The bullish majority also highlights the distribution of revenue contributions across multiple large operations as an analytical anchor for earnings durability. With NGM at 3.56 billion US dollars and Peñasquito at 3.42 billion US dollars in the latest reported period, the portfolio’s scale provides both upside if run rates and grades align, and insulation against isolated disruptions. Analysts point to consensus EBIT of 3.77 billion US dollars as evidence that operating leverage remains significant at current price realizations. Under this reasoning, the 2.30 EPS estimate is attainable if costs remain in line and there are no extended production interruptions at major sites.

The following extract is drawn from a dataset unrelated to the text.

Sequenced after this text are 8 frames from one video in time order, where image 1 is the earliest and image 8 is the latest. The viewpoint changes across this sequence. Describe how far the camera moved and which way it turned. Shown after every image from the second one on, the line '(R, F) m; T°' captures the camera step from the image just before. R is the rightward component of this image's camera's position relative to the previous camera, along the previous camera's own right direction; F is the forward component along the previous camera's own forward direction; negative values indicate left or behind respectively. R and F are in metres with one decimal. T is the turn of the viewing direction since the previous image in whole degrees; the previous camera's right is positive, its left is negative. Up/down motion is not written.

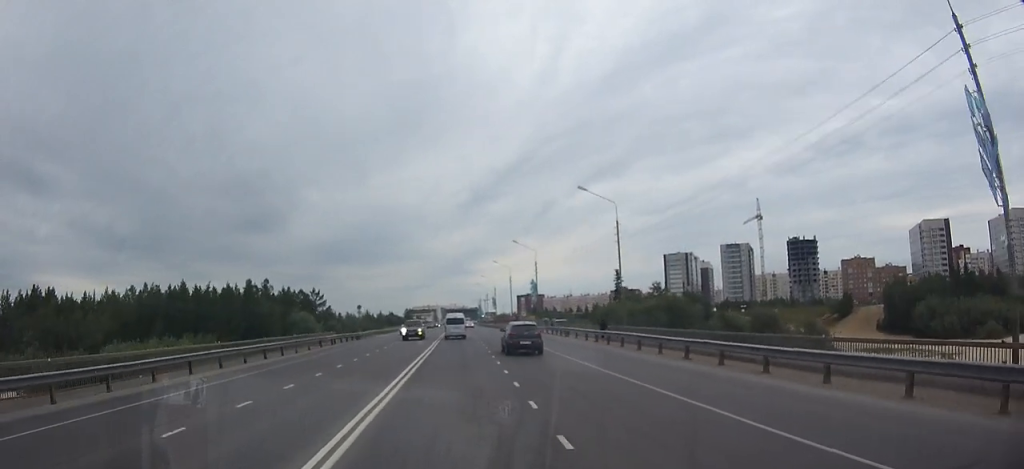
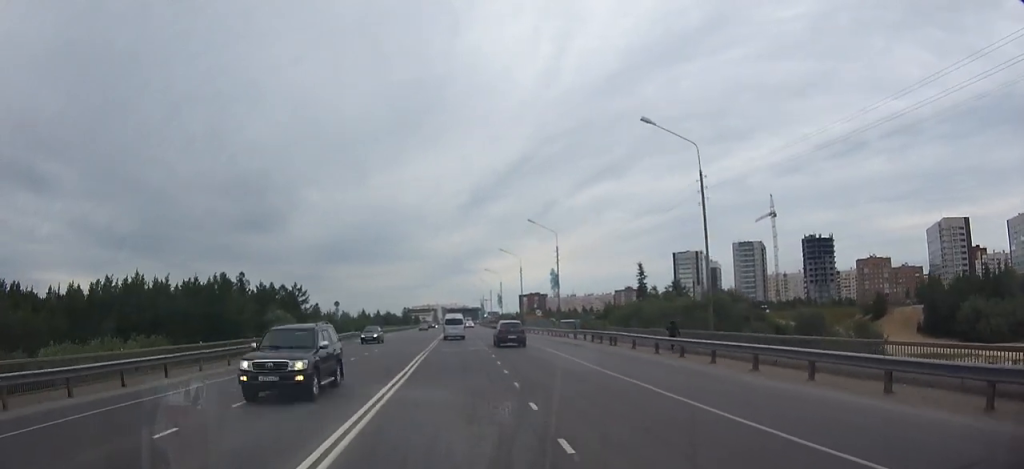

From a market-structure standpoint, the prevailing bullish view is sensitive to updates on operational continuity—particularly at Cadia given the temporary halt of underground operations reported this week—and on cost normalization progress across the broader set of sites. Yet, even within this context, the sheer spread of revenue contributions across both the highest-revenue hubs and the mid-sized operations is seen as a favorable characteristic in the near term. This point supports a constructive stance heading into the earnings event: the majority of institutions expect the company to translate the projected top-line expansion into a proportional, and potentially larger, step-up in earnings metrics, consistent with the consensus for a 146.77% year-over-year increase in EPS this quarter.

Consolidating those perspectives, the ratio of bullish to bearish opinions in our collected dataset is decisively tilted toward bullish, with multiple Buy/Outperform ratings (Goldman Sachs, Scotiabank, BMO Capital, and Macquarie) outweighing neutral commentary and no explicit bearish initiations in the sampled period. The analytical center of gravity rests on the interplay between the large revenue anchors observed in the last reported period and the implied operating leverage that underpins consensus EPS. With that framework, the majority view expects Newmont Corporation to deliver a result consistent with, or above, the midpoints of current Street estimates, subject to any incremental disclosures on the duration and operational consequences of the Cadia event and any other short-duration variances across the portfolio.